## Requirement
The expected response consists solely of the lines from the line with "53.7 27.1 92.9V68.1l32.5-32.2" through the last line of the material below, copied exactly.
════════════════════
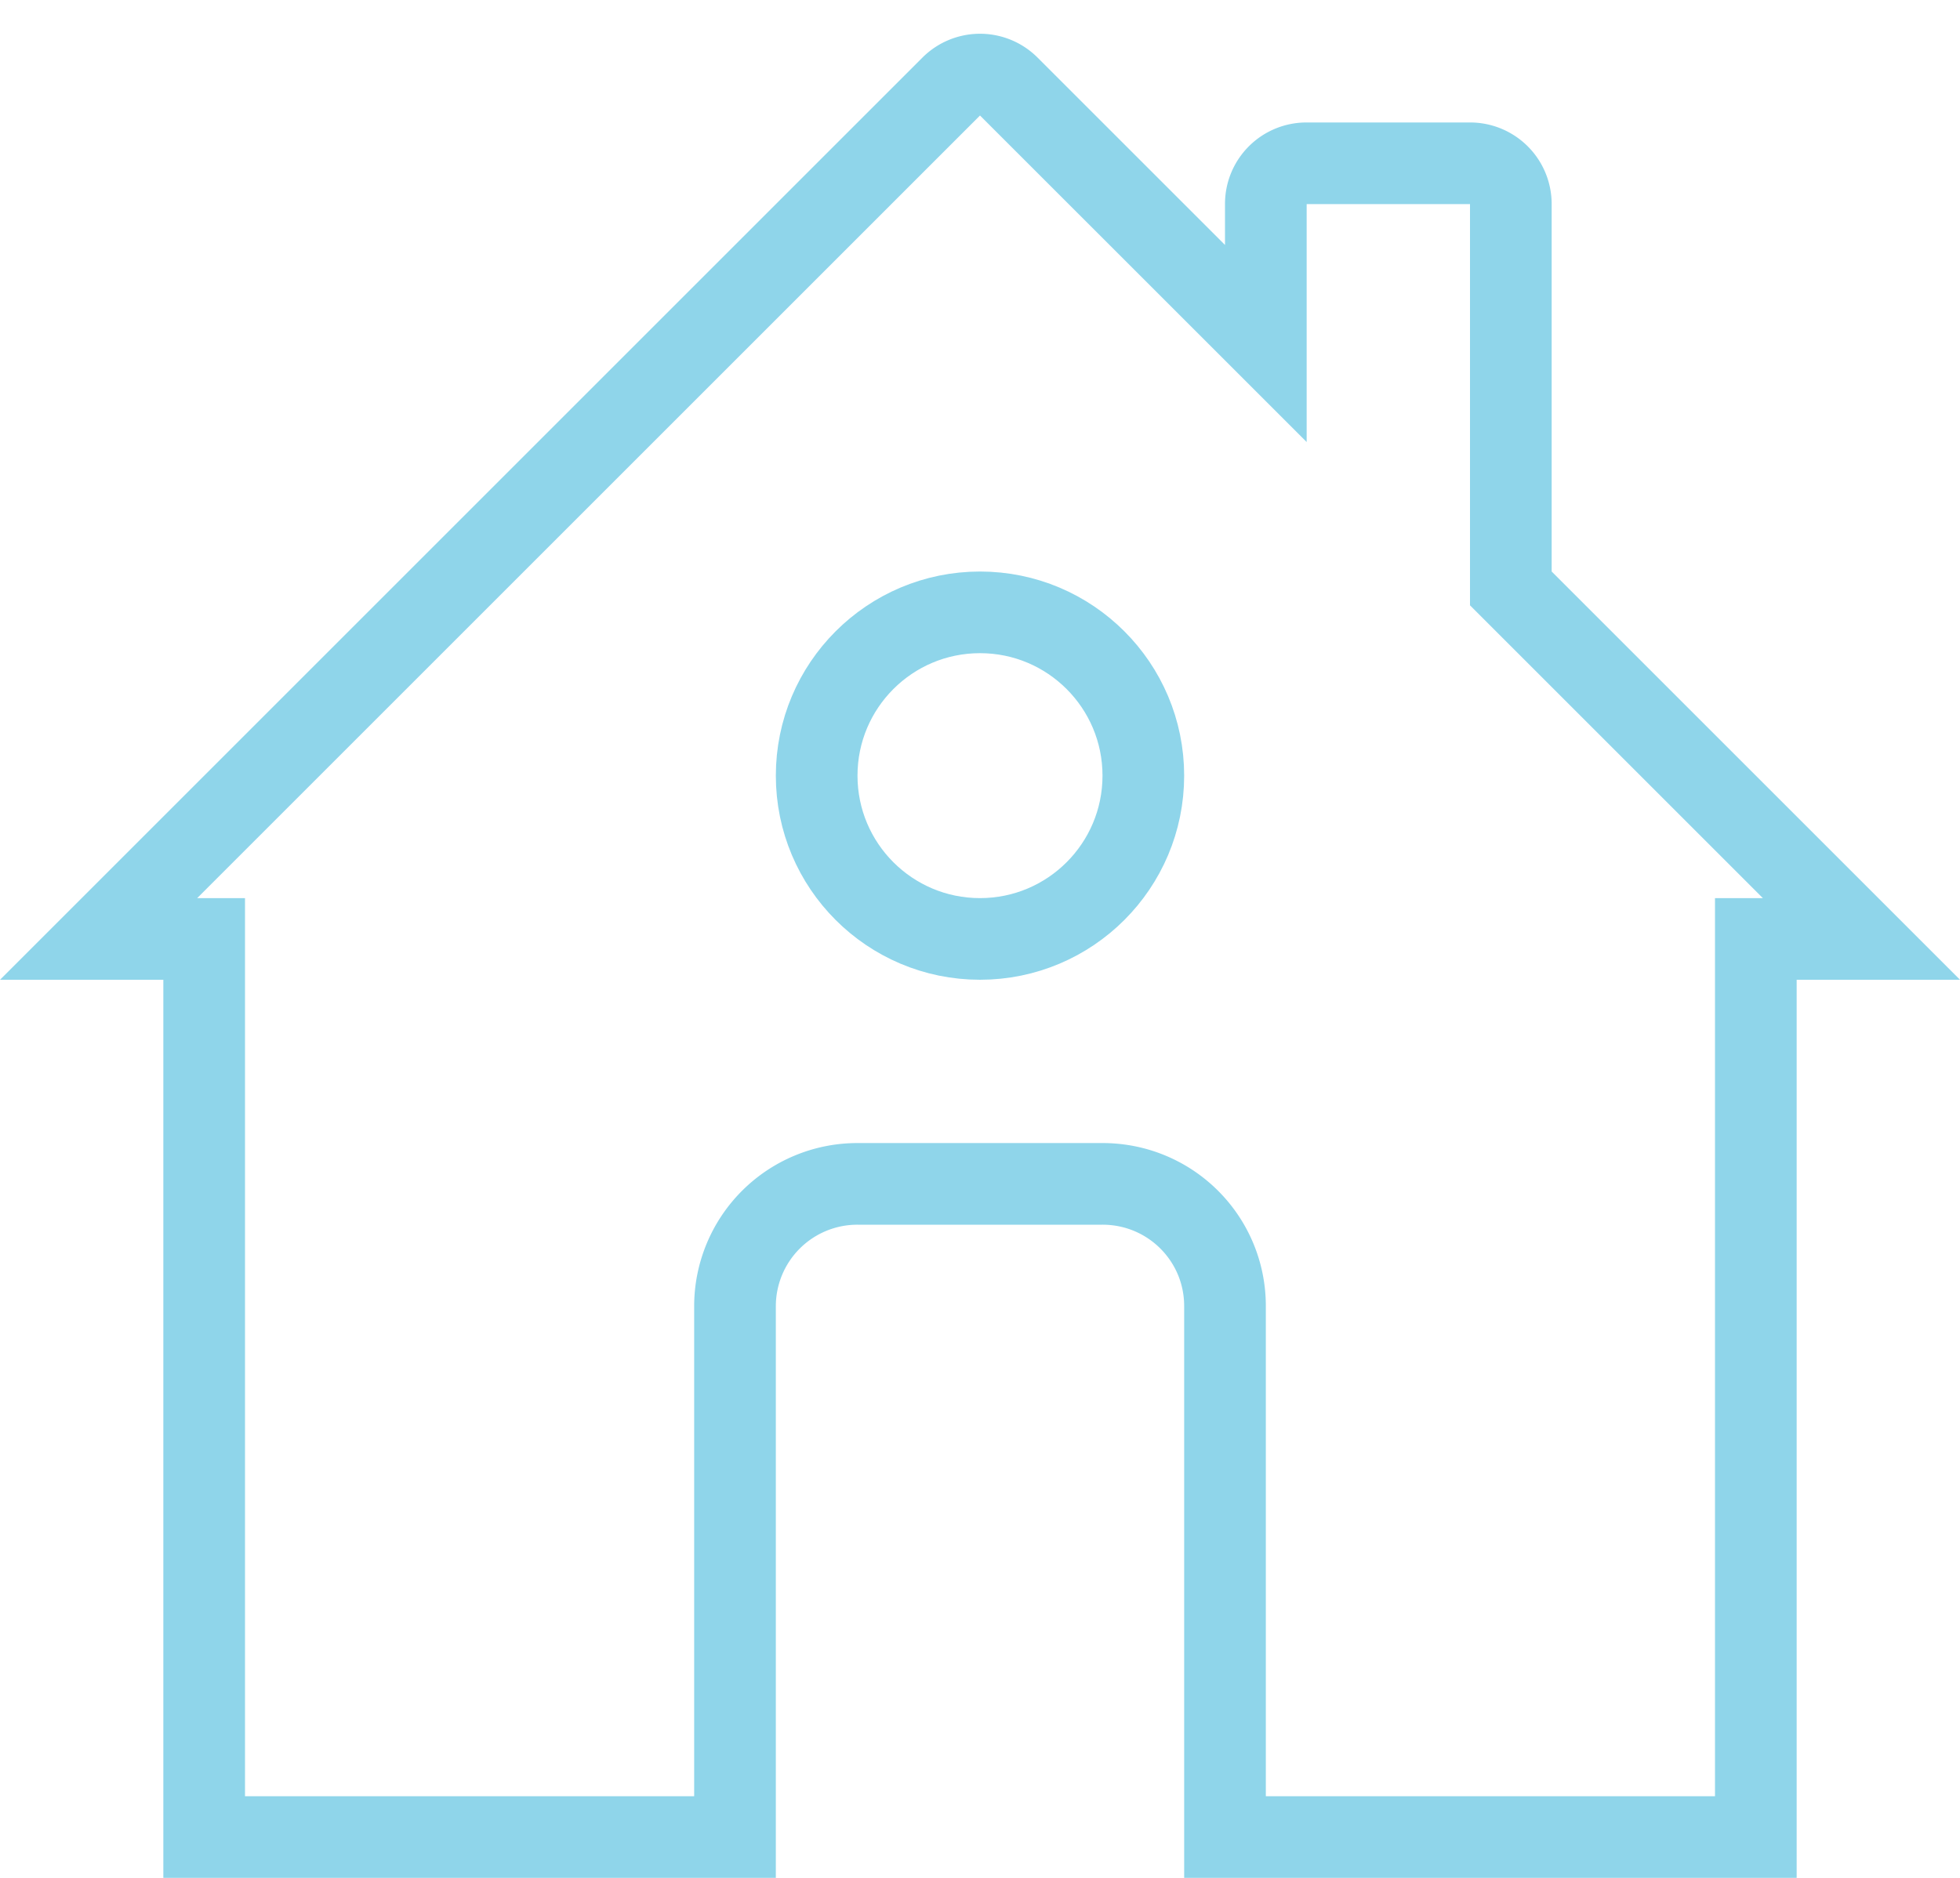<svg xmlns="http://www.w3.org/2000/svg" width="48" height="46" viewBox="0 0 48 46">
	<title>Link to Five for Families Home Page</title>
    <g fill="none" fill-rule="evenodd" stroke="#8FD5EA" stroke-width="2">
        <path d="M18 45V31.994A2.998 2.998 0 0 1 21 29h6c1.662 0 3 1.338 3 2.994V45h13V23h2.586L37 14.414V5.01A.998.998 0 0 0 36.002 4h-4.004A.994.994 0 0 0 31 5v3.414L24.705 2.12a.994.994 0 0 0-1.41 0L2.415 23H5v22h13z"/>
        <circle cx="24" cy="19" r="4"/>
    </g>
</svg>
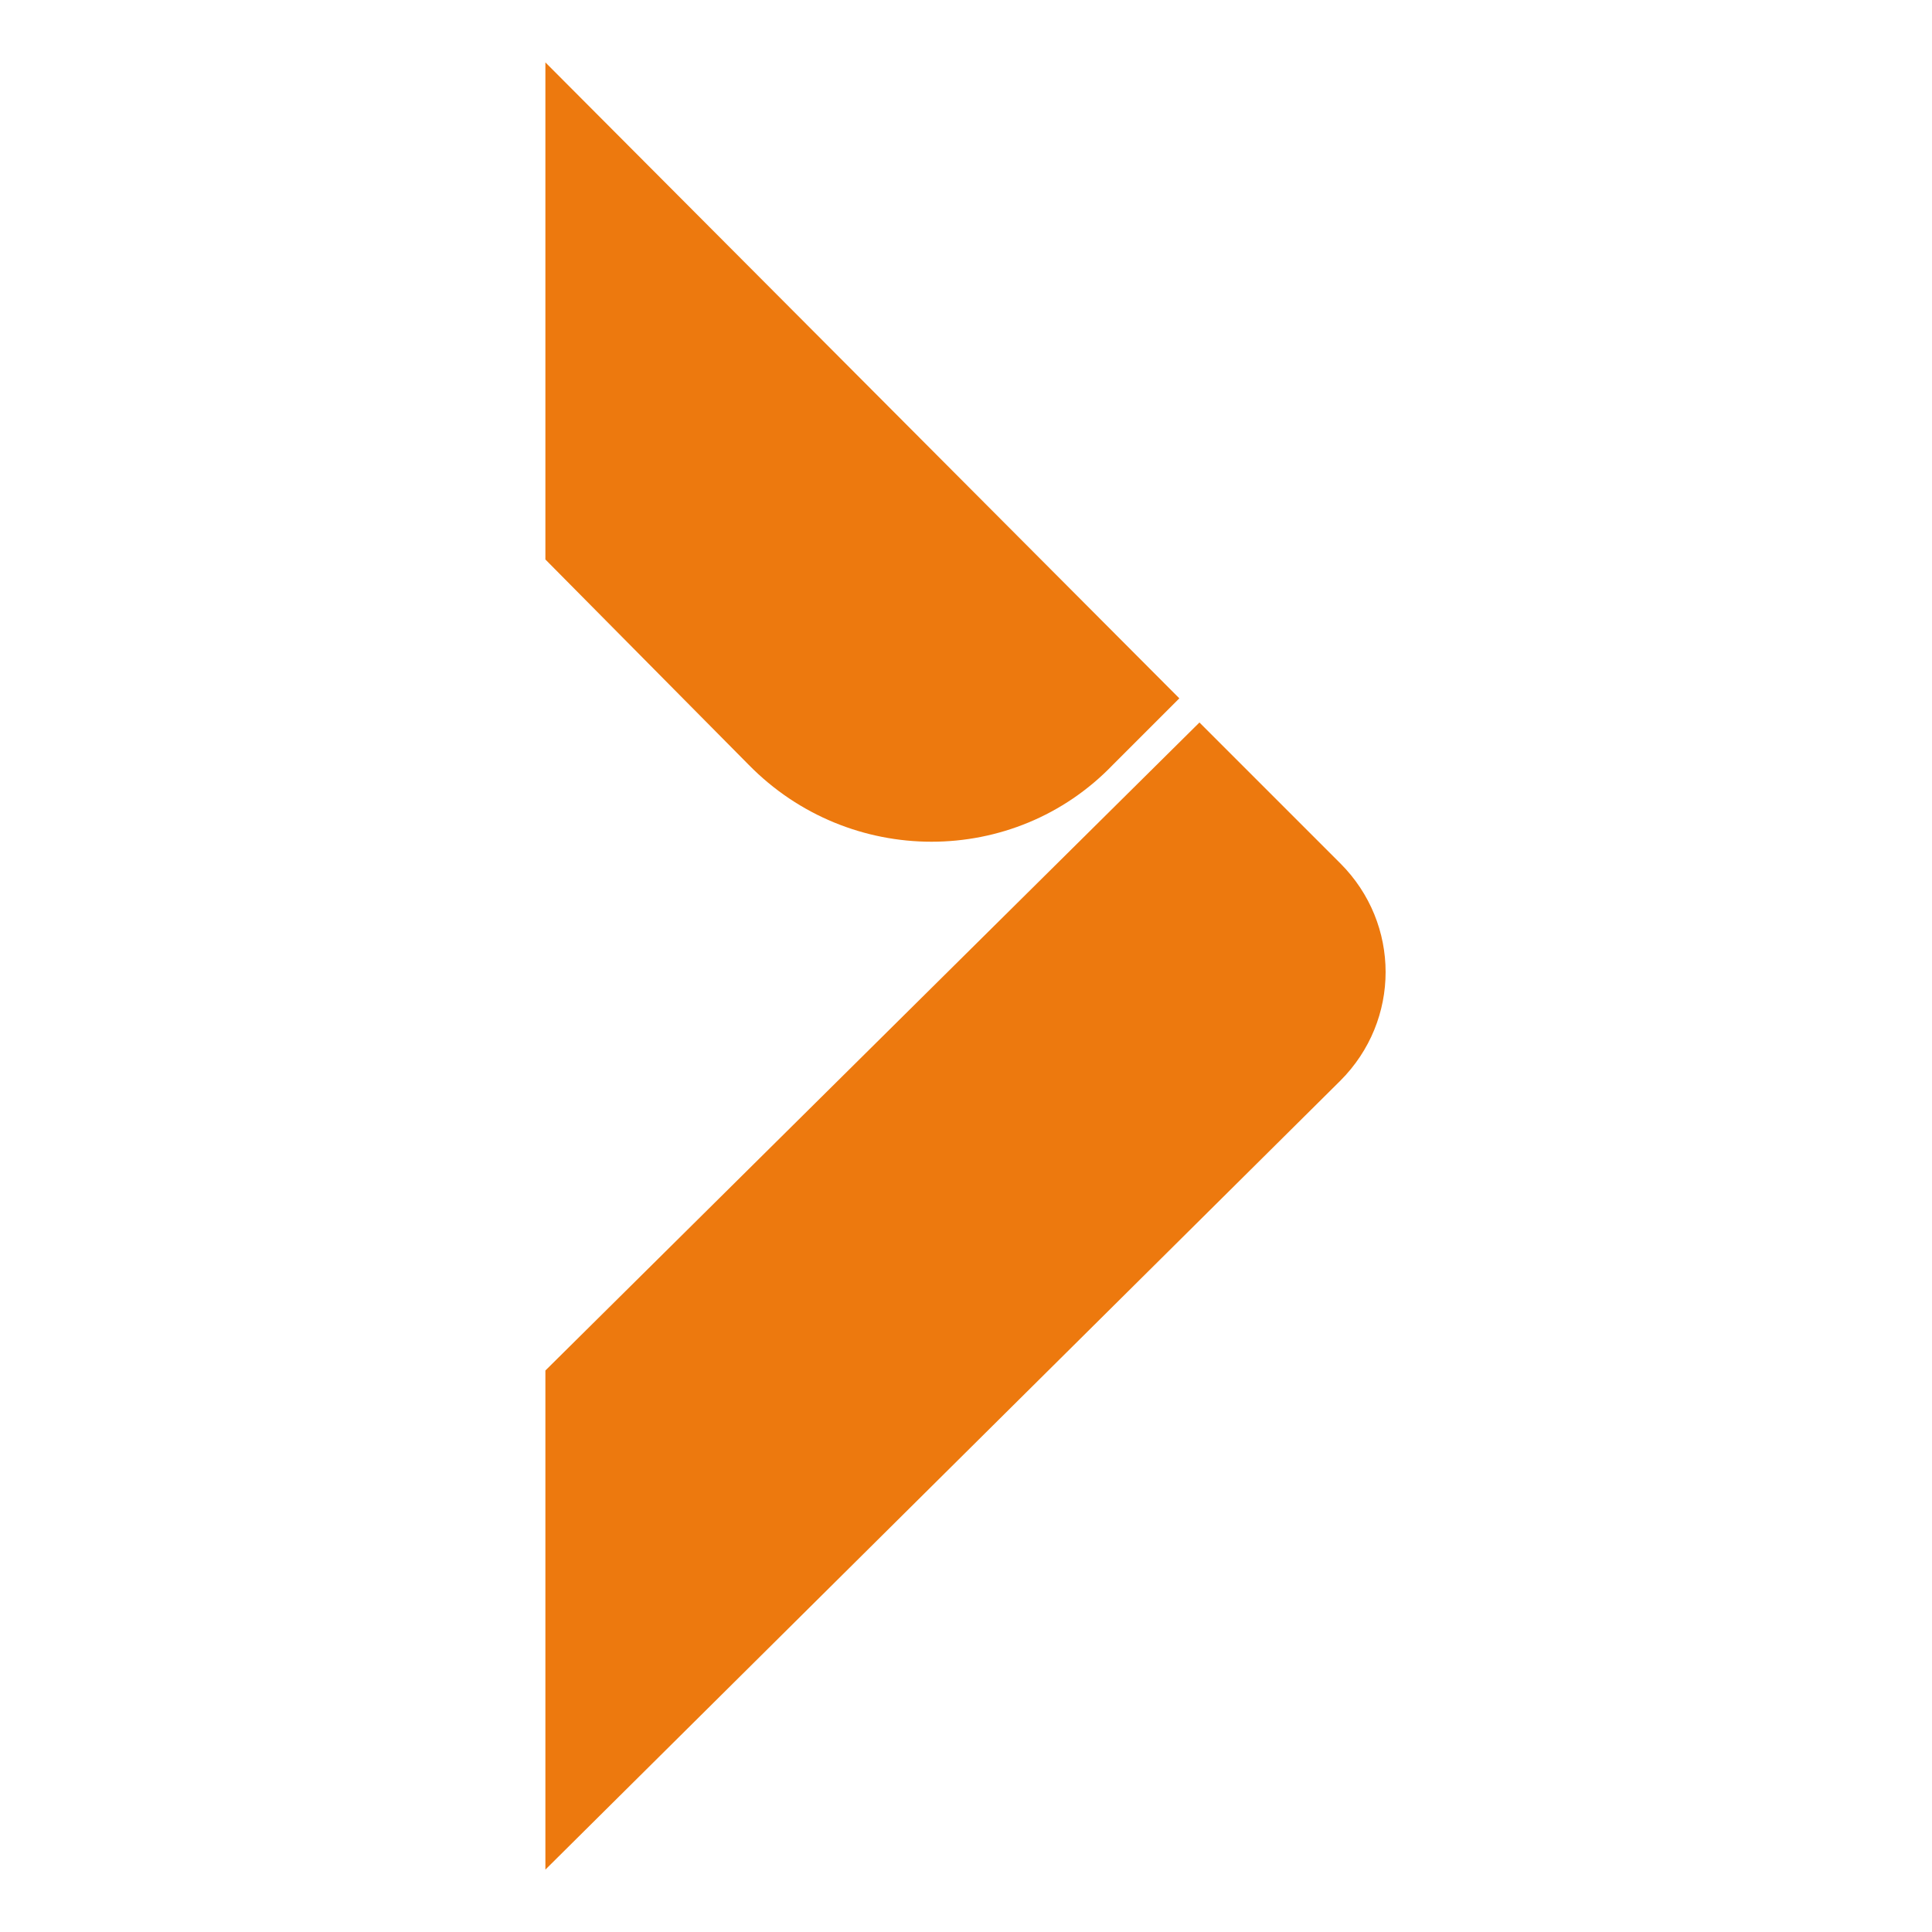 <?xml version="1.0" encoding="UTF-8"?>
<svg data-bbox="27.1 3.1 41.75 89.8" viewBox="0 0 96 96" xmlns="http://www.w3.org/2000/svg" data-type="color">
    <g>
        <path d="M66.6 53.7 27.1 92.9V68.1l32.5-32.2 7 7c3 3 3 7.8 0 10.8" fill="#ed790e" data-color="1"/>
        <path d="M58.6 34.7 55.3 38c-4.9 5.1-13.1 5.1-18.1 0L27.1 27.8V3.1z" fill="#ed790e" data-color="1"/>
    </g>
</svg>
════════════════════
## Response to this exercise
        <path d="M66.6 53.7 27.1 92.9V68.1l32.5-32.2 7 7c3 3 3 7.8 0 10.8" fill="#ed790e" data-color="1"/>
        <path d="M58.6 34.7 55.3 38c-4.9 5.1-13.1 5.1-18.1 0L27.1 27.8V3.1z" fill="#ed790e" data-color="1"/>
    </g>
</svg>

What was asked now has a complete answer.